Lets take an example to concretise this : This is an example of an evaluation integrating health promotion principles of participation, empowerment, intersectorality and relevance. The example consists in the evaluation of a professional development program in health promotion. This evaluation was aiming to support and guide the program’s implementation process. Both the evaluator and the project team were mindful of integrating health promotion principles into the evaluation. In this example, the evaluation was designed in a way to include the program designer team into the evaluative process (participation) and enable reflexive processes that foster the interventionists’ ability to assimilate the knowledge produced by the evaluation (empowerment). In addition, the evaluative process was anchored in a multitude of disciplines and relied on a variety of information-gathering techniques (multidisciplinarity/intersectorality). The evaluation also took into account the complex, adaptive nature of the program (relevance).
This kind of evaluation build on procedural ethics, ensuring that the process of evaluation is itself ethical from a health promotion standpoint. Integrating health promotion principles and values in evaluation can be done by involving stakeholders into the evaluative process, giving a voice to the more disadvantaged, allowing them to develop capacities related to evaluation and evaluating the intervention’s effects from an equity standpoint.
Although this ensure the evaluation’s procedural ethics (ethics of the means – but again from a normative standpoint), it can’t avoid the necessity of ethically assess the content of the interventions.

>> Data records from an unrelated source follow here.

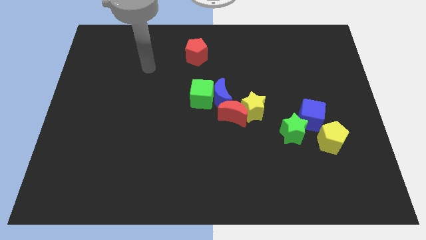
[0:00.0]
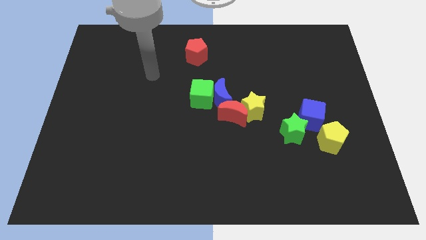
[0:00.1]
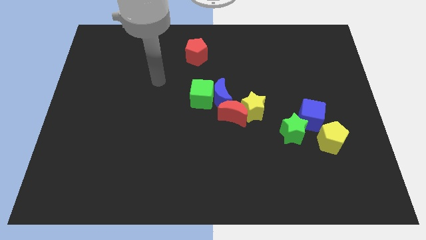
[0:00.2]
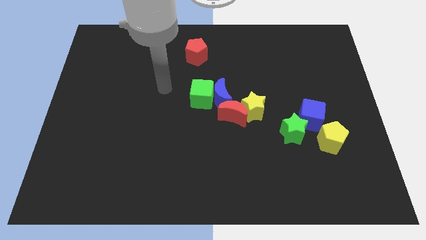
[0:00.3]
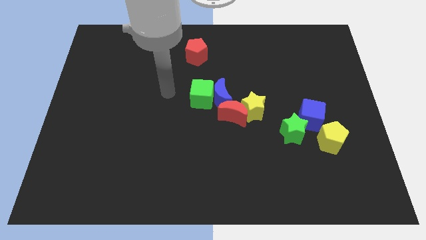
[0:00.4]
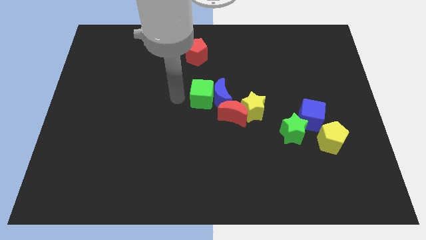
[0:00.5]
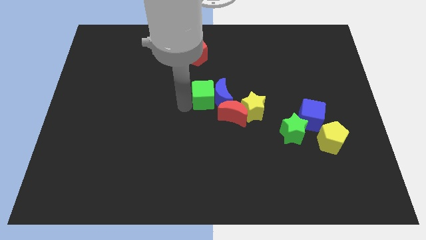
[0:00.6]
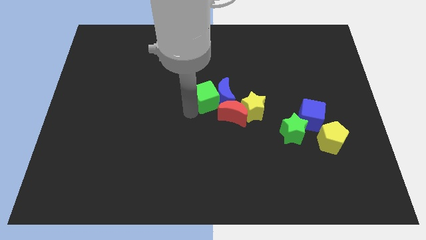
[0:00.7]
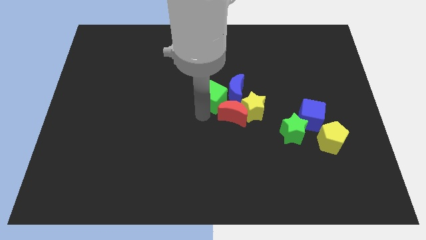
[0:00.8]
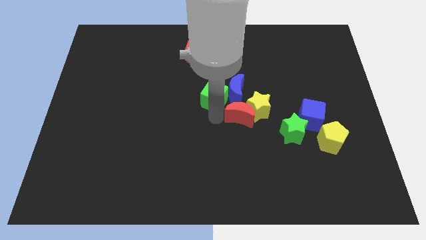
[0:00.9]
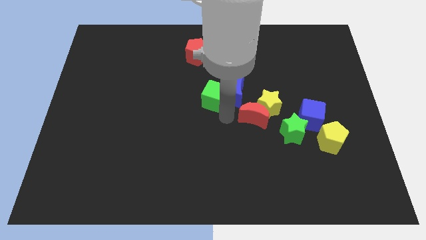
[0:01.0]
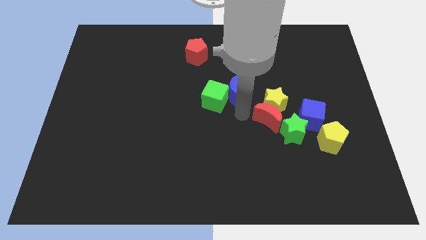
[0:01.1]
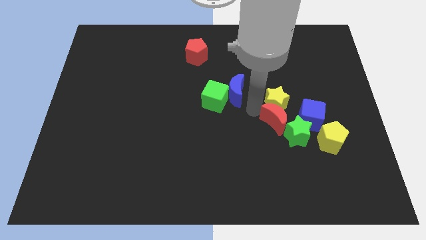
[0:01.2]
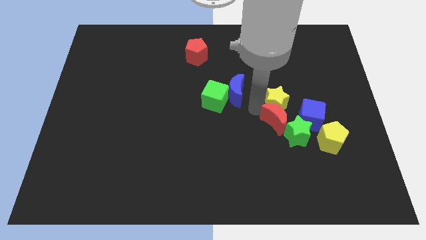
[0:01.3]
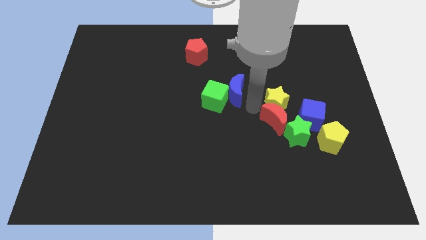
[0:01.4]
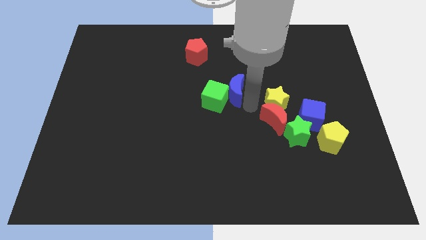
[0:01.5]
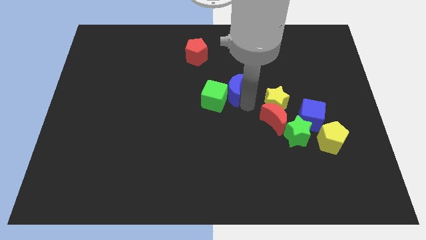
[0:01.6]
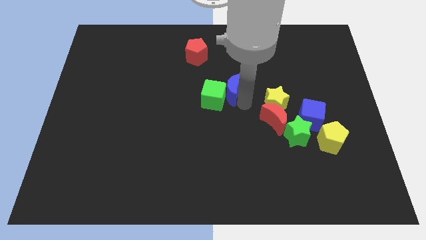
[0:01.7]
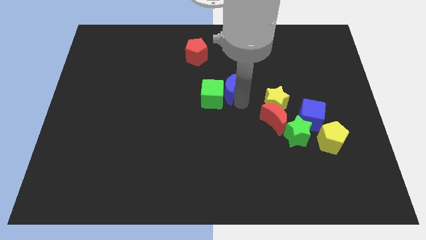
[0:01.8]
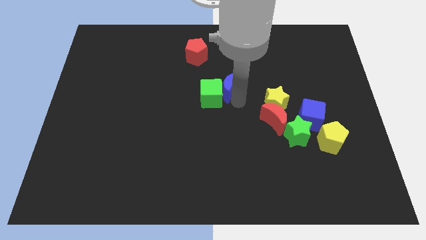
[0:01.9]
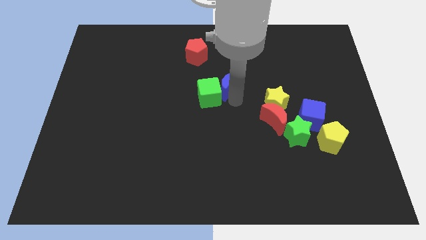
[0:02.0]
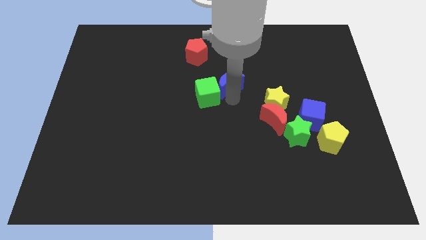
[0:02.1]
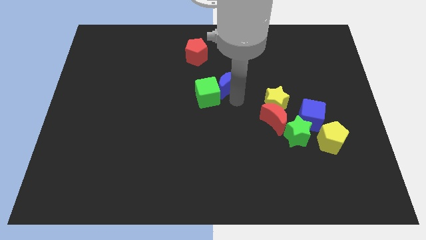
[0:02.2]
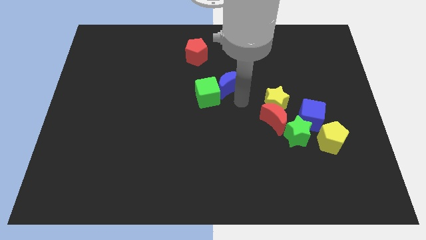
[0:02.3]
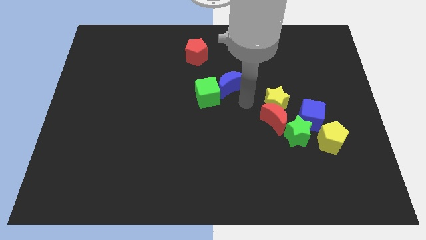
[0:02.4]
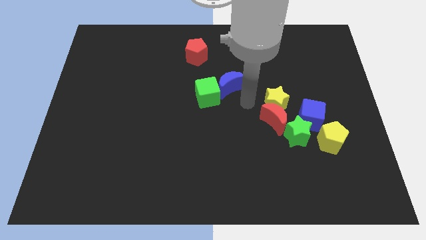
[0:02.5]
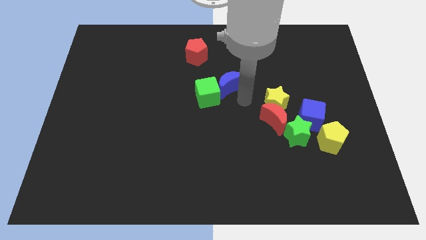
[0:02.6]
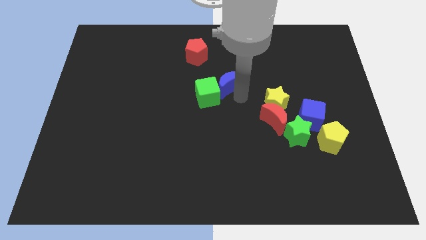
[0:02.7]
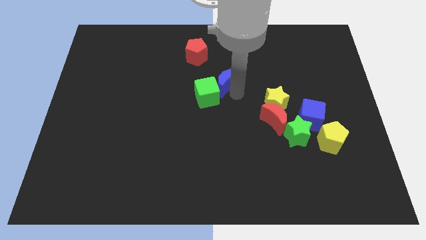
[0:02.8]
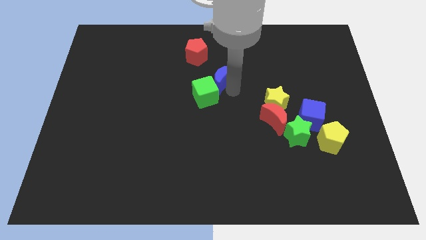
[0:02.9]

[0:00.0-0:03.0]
pull the blue moon apart from the group

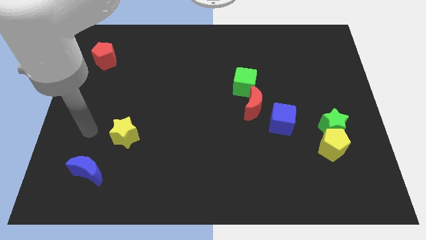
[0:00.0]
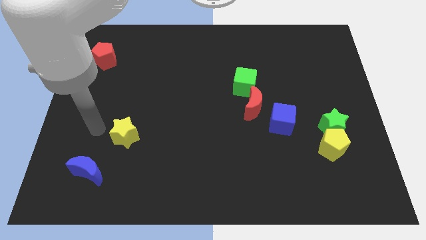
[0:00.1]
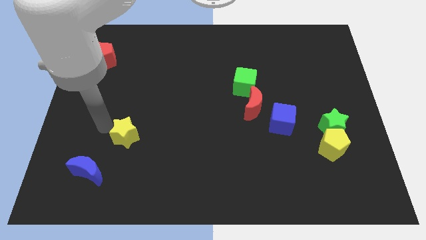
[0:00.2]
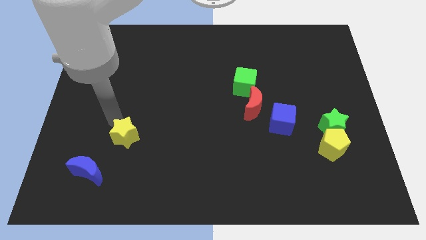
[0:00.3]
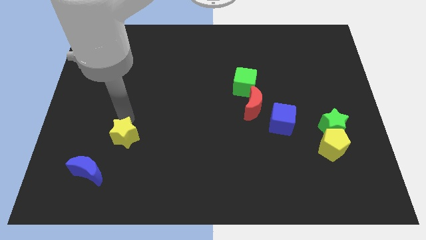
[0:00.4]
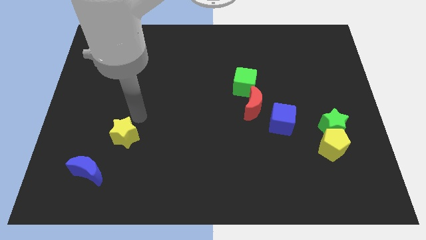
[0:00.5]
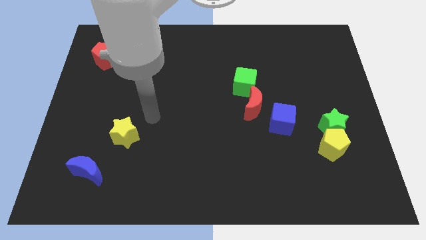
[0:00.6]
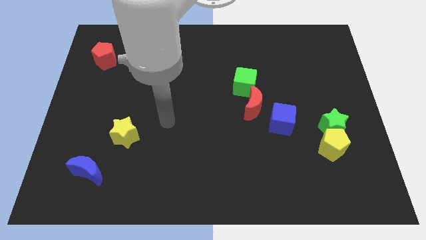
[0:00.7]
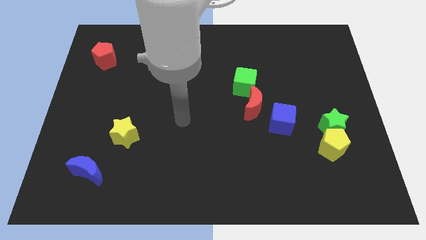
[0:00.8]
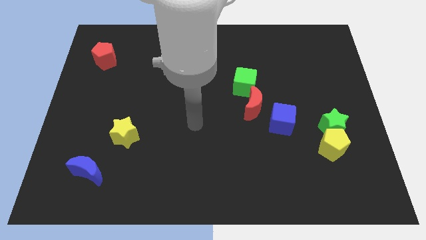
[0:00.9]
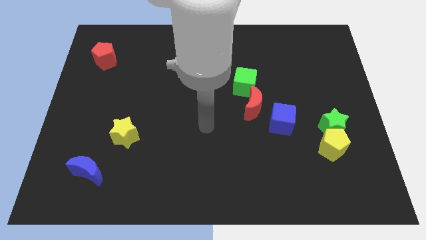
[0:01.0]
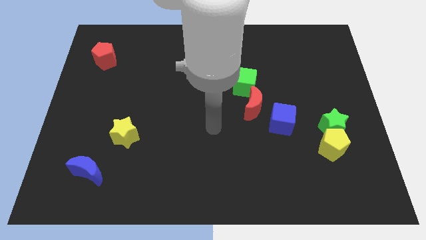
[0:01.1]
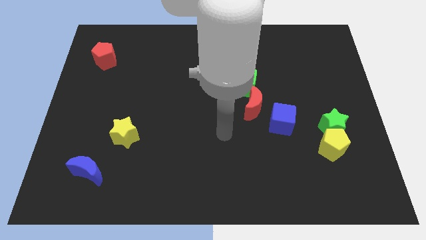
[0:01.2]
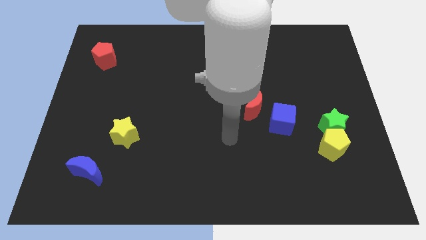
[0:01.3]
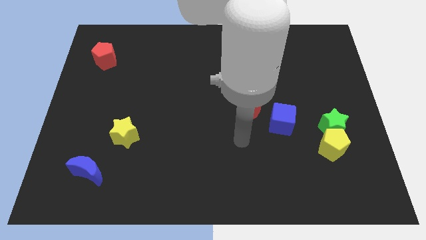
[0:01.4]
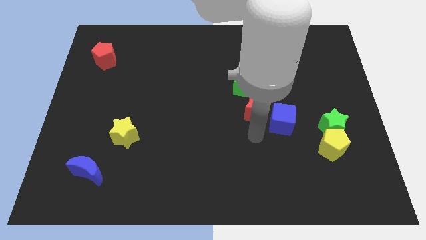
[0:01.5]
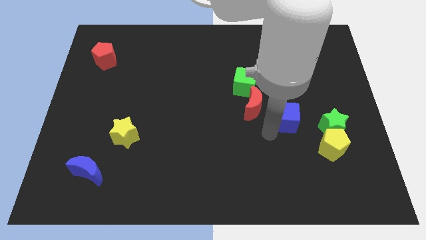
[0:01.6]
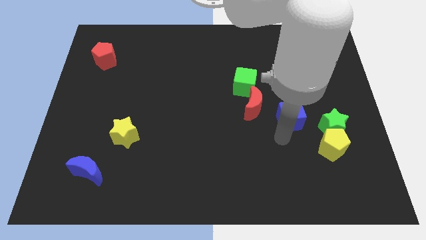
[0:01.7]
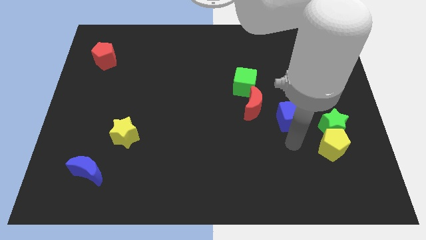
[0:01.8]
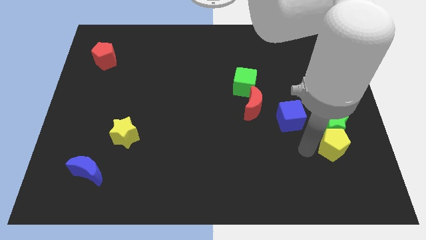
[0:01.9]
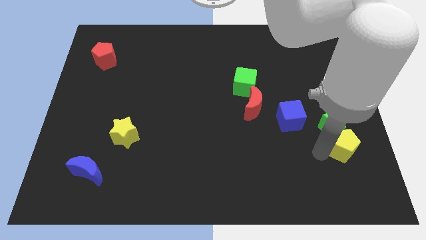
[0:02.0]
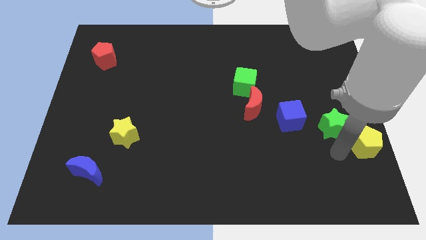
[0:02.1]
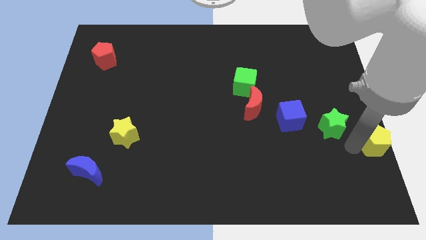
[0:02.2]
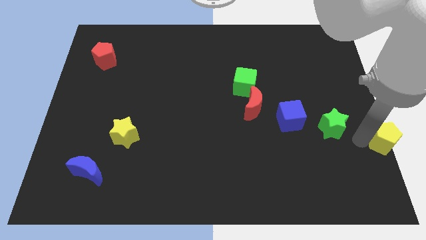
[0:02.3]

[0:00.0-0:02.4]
pull the green star apart from the yellow pentagon

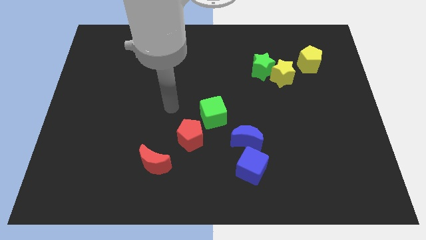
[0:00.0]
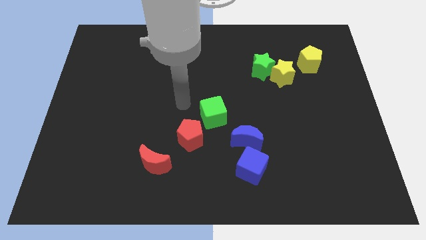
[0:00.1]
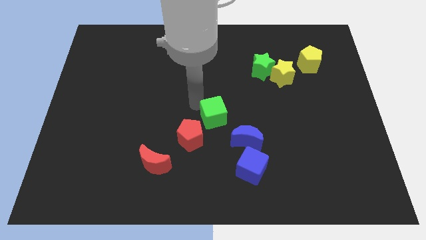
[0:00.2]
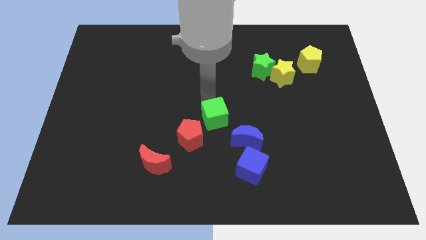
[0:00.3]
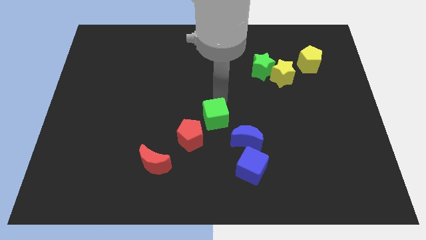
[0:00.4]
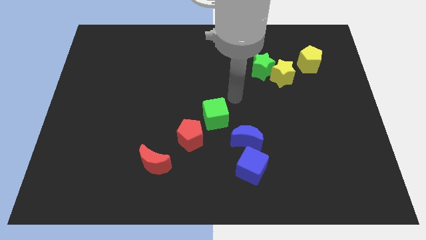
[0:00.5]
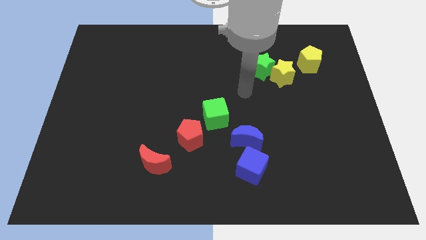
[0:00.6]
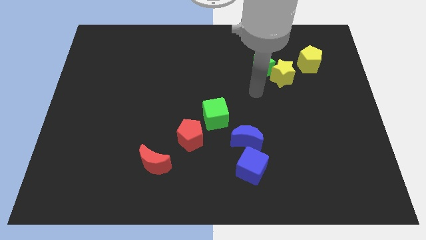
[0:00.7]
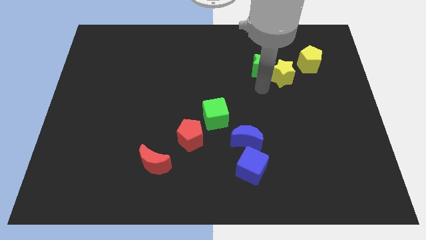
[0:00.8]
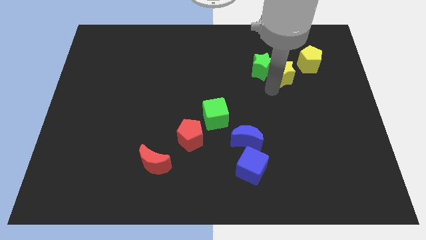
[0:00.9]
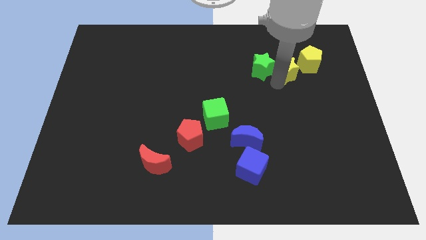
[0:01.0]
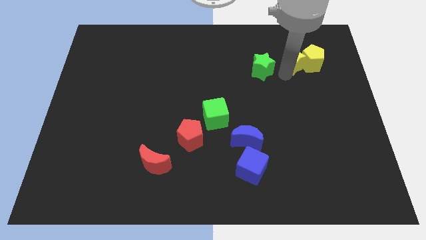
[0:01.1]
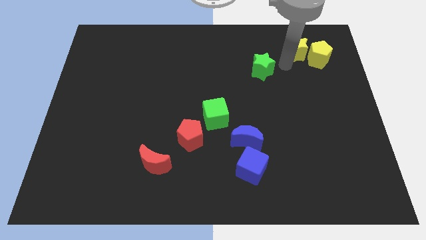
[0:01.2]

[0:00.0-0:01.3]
move the green star away from the yellow star

The argument of this presentation can be synthesized as follows: because of its normative nature, health promotion needs to be ethically assessed; evaluation is often considered an opportunity to do so; but evaluation in health promotion is itself normative. In each of the cases presented, health promotion evaluation remains caught in its own normative rhetoric, either by adopting formal normative ethics to judge health promotion interventions on the basis of their own criteria or a procedural normative ethics by adopting health promotion agenda and principles for conducting the evaluation. These two issues can be conceived as resulting from a confusion about what should be a foundational framework for ethics in health promotion.
This presentation opens the door to some reflections: Does ethics in health promotion evaluation have to be rooted in the values and moral principles of the field or in an overarching and socially shared philosophy? We can also ask what kind of evaluation is responsible for ethics assessment in health promotion? Is it the role of program evaluation or should it be promoted by more specific type of evaluation?